*** Records for processing ***
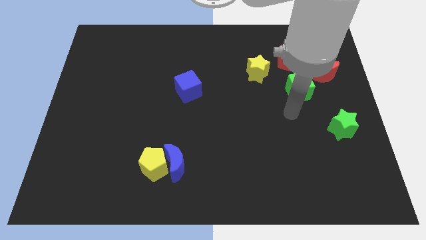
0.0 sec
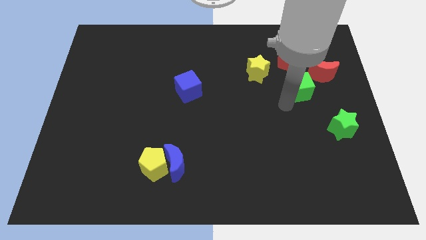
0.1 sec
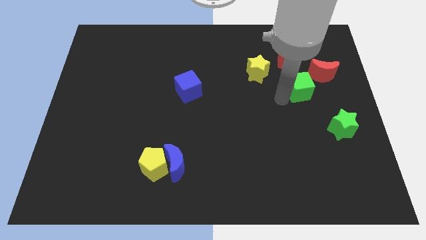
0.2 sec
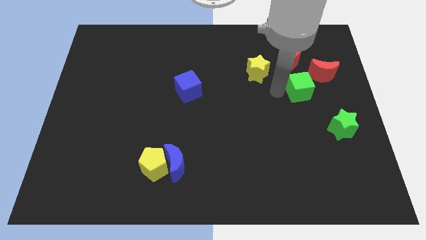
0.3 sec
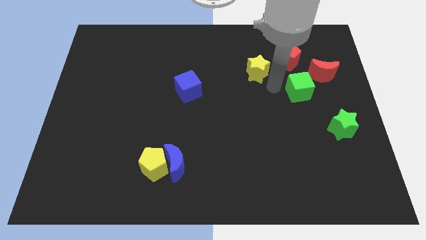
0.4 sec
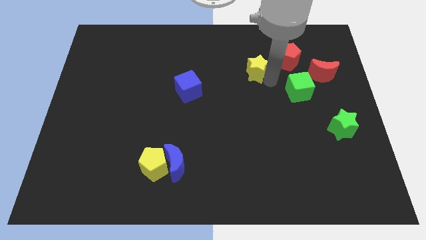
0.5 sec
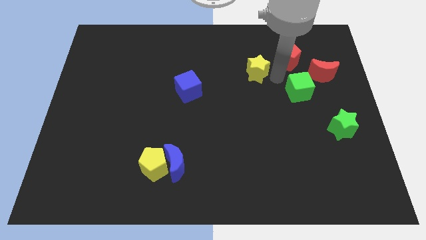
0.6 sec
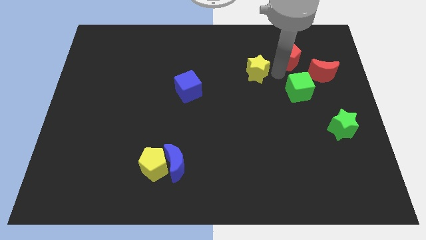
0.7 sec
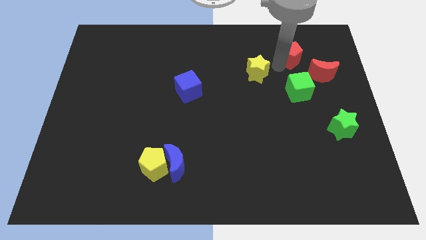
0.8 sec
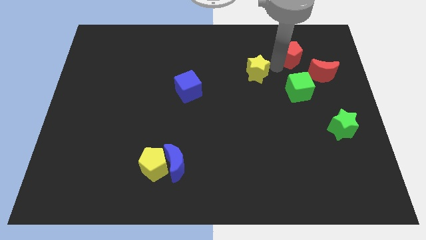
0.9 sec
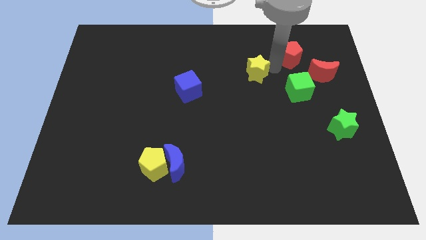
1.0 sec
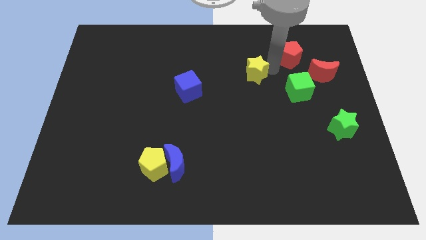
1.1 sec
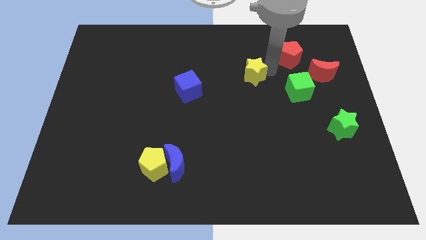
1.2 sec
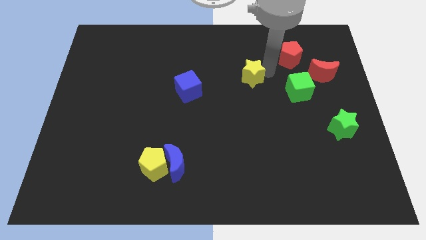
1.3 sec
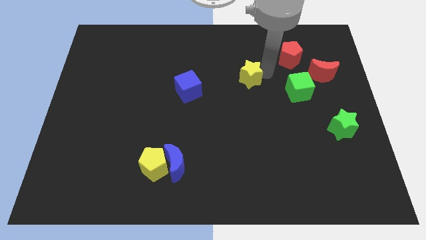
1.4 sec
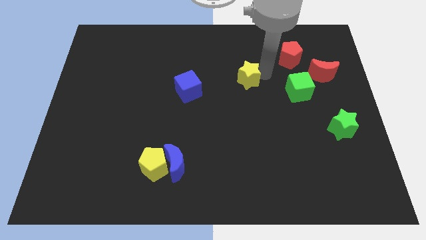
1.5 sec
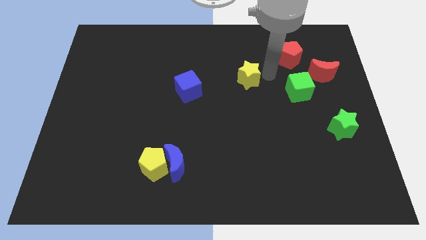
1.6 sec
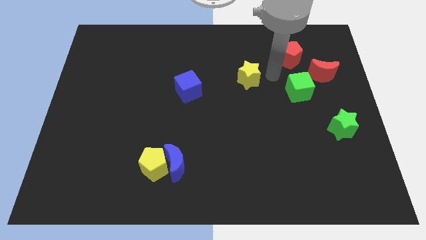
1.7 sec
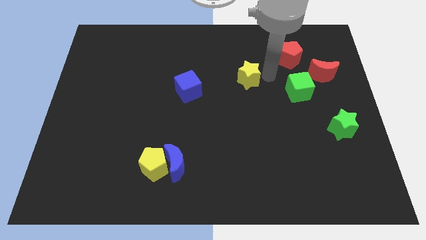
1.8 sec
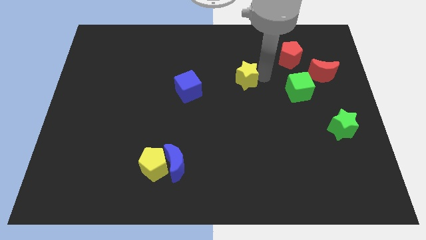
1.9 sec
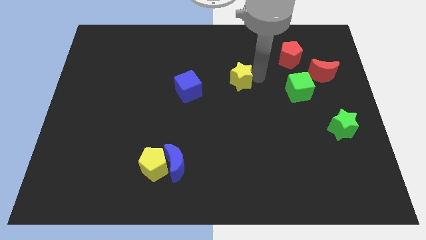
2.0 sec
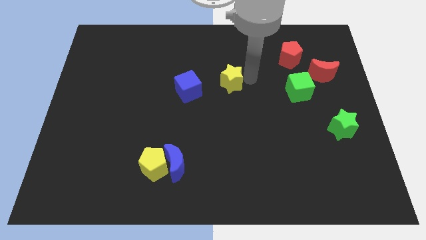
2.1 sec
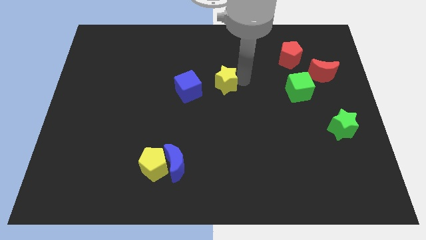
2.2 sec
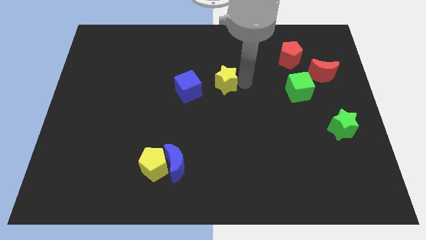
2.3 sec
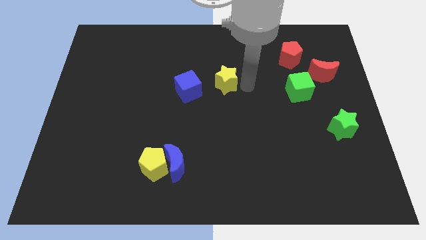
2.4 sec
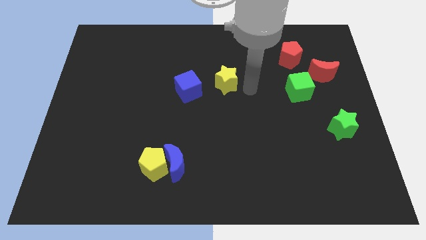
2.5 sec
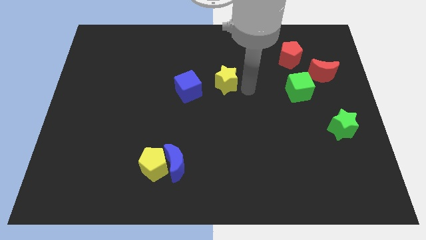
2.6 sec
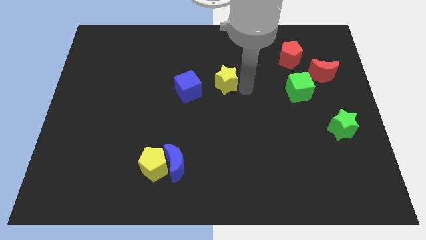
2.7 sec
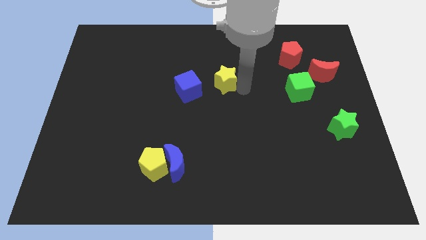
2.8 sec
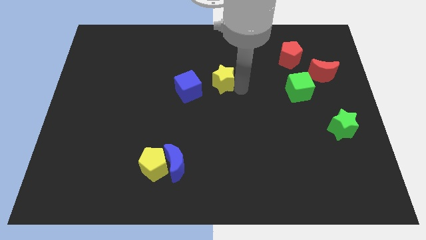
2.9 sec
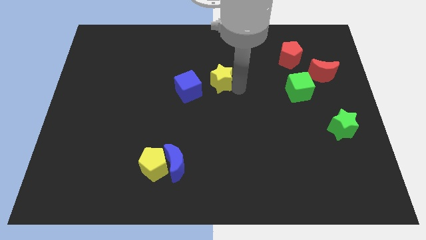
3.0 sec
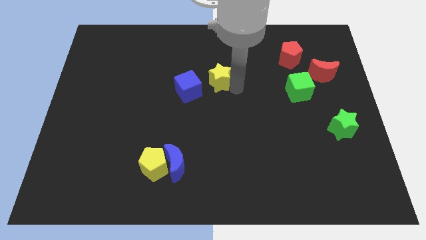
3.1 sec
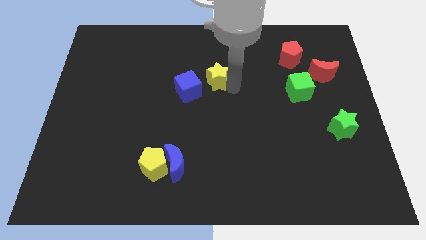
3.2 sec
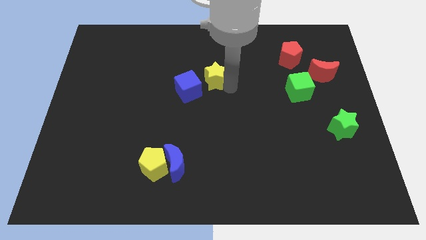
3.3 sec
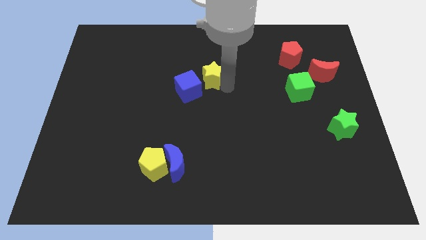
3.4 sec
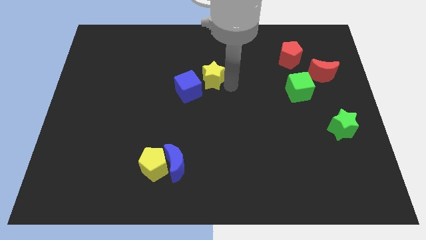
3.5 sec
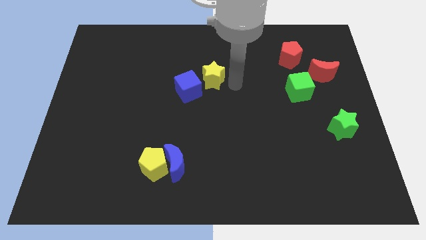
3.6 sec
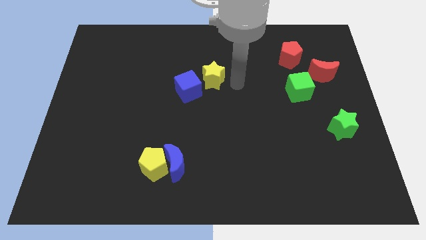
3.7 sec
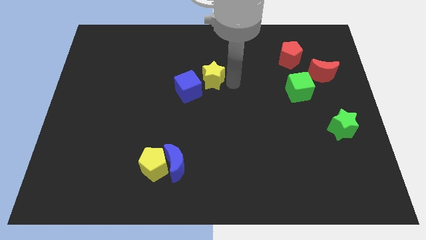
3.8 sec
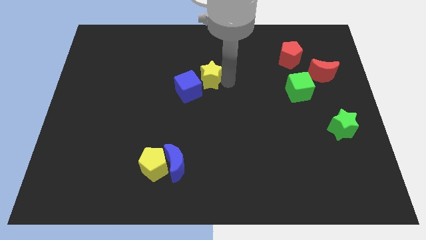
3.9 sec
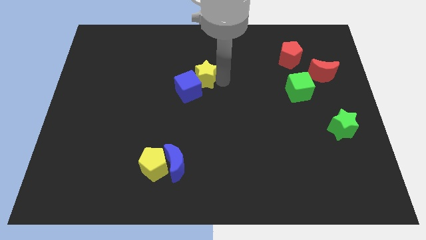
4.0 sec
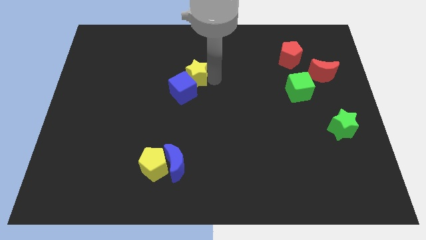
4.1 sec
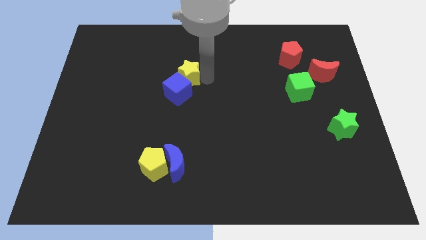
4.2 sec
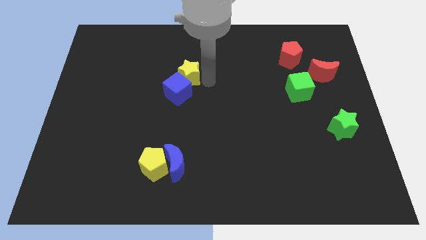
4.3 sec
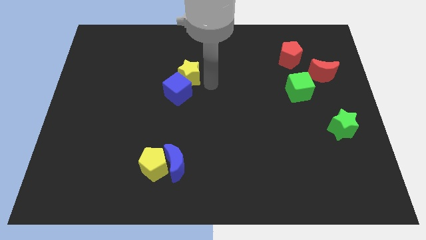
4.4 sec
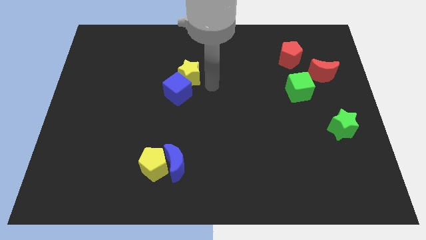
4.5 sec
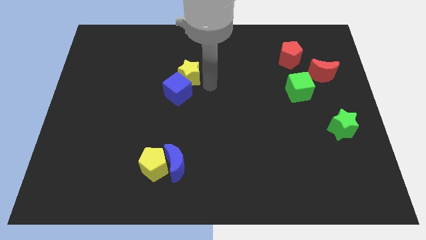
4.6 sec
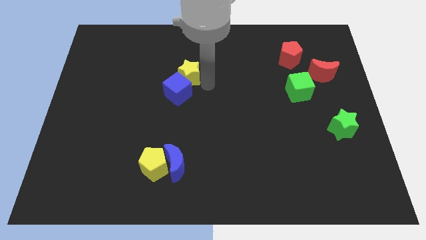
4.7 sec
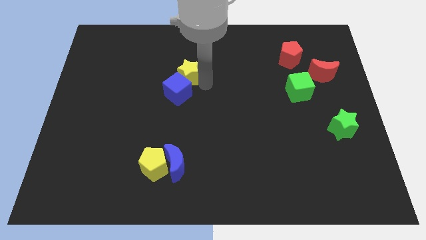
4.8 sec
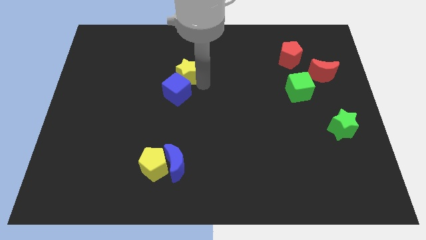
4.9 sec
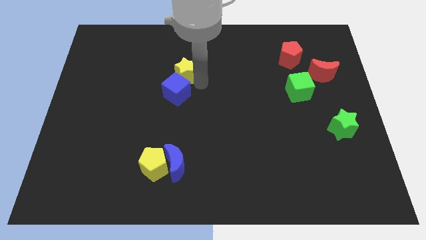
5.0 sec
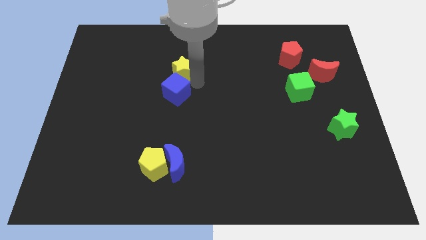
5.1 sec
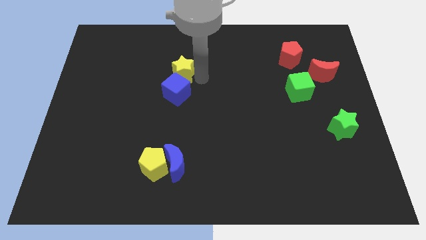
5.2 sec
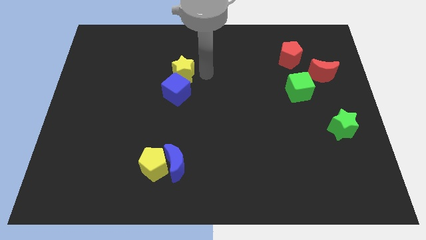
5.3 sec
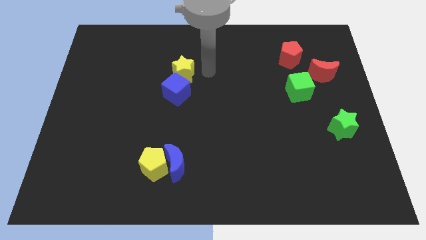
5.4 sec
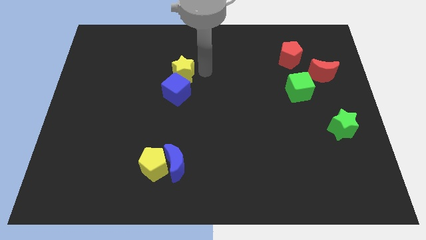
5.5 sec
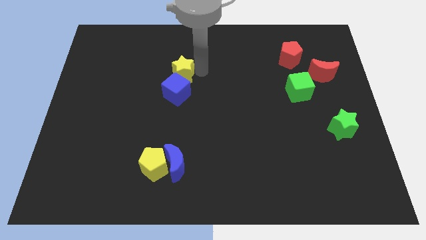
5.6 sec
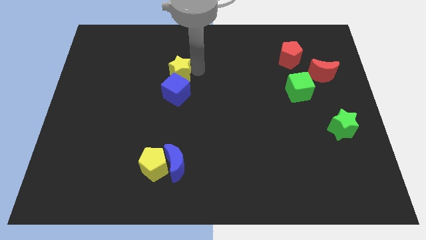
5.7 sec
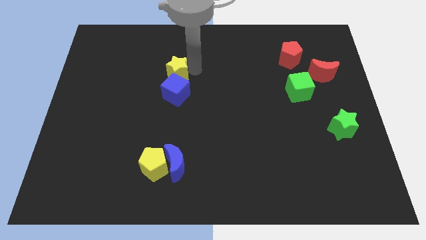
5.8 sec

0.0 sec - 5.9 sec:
*** End of Records for processing ***
** What this task involves **
Leave the images out and print each entry exactly.

** Finished exercise **
0.0 sec
0.1 sec
0.2 sec
0.3 sec
0.4 sec
0.5 sec
0.6 sec
0.7 sec
0.8 sec
0.9 sec
1.0 sec
1.1 sec
1.2 sec
1.3 sec
1.4 sec
1.5 sec
1.6 sec
1.7 sec
1.8 sec
1.9 sec
2.0 sec
2.1 sec
2.2 sec
2.3 sec
2.4 sec
2.5 sec
2.6 sec
2.7 sec
2.8 sec
2.9 sec
3.0 sec
3.1 sec
3.2 sec
3.3 sec
3.4 sec
3.5 sec
3.6 sec
3.7 sec
3.8 sec
3.9 sec
4.0 sec
4.1 sec
4.2 sec
4.3 sec
4.4 sec
4.5 sec
4.6 sec
4.7 sec
4.8 sec
4.9 sec
5.0 sec
5.1 sec
5.2 sec
5.3 sec
5.4 sec
5.5 sec
5.6 sec
5.7 sec
5.8 sec

0.0 sec - 5.9 sec:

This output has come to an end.